Having a say in where their child attends school is a foreign concept to countless parents across North Carolina. Due to financial and regional limitations, many families have only one educational option—a public school system that at times fails to meet the needs of each individual student.

While the harmful social atmosphere, reduced academic standards, and plummeting graduation rates in some public schools may worry parents, many do not have the tools or resources to choose another option. But a new statewide organization is working to change that unfortunate fact. Parents for Educational Freedom in North Carolina (PEFNC), a non-profit group incorporated in July 2005, is bridging political and racial lines to advocate policies that aim to bring the benefits of school choice to every family across the state.

In its first major event held on March 6 at the Upper Room Christian Academy in Raleigh, PEFNC drew a diverse crowd of parents, children, educators, and legislators from nearly 20 counties across the state.
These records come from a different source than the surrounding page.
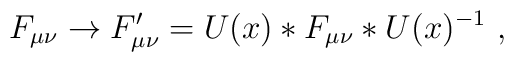
F_{\mu \nu} \to F_{\mu \nu}' = U(x)*F_{\mu \nu}*U(x)^{-1}\ ,
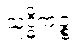
သုဒ္ဓိကဉ္စ
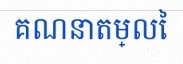
គណនាតម្លៃ
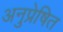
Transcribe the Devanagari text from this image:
अनुप्रेषित
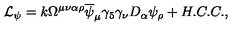
\mathcal { L } _ { \psi } = k \Omega ^ { \mu \nu \alpha \rho } \overline { { \psi } } _ { \mu } \gamma _ { 5 } \gamma _ { \nu } D _ { \alpha } \psi _ { \rho } + H . C . C . ,
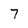
Character: 7
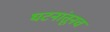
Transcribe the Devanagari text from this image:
घटनांतूनच
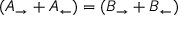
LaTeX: ( A _ { \rightarrow } + A _ { \leftarrow } ) = ( B _ { \rightarrow } + B _ { \leftarrow } )
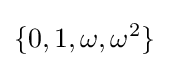
\lbrace 0,1,\omega ,\omega ^{2}\rbrace
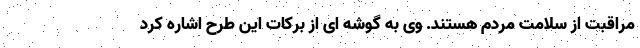
مراقبت از سلامت مردم هستند. وی به گوشه ای از برکات این طرح اشاره کرد
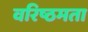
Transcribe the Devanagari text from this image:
वरिष्ठमता
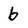
Character: b
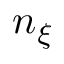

The event served as a rallying point for citizens who are supportive of broader school choice and frustrated with the public education system. According to Darrell Allison, president of PEFNC, staff members only expected 300 to attend the school choice event, but the final headcount was over 1,000, causing standing-room-only conditions.

“We were blown away,” Allison said. “Thousands have responded to the message. That message is freedom. Freedom for our students, freedom to give them all the tools necessary to succeed in society, and freedom for parents to choose the education that best fits the needs of their children.”

Howard Fuller Keynote
Dr. Howard Fuller, chair and founder of the Black Alliance for Educational Options, delivered the event’s keynote address. In his speech, Fuller addressed failures in the public school system, particularly for minority students. “An education is about preparing people to be socially and economically productive,” he said. “An education is about giving you the capacity to engage in the practice of freedom. Unfortunately, too many of our poorest children, a disproportionate number of which are children of color, will never realize the blessings of education because our system fails them. Too many of them will not be able to participate in the mainstream of society.”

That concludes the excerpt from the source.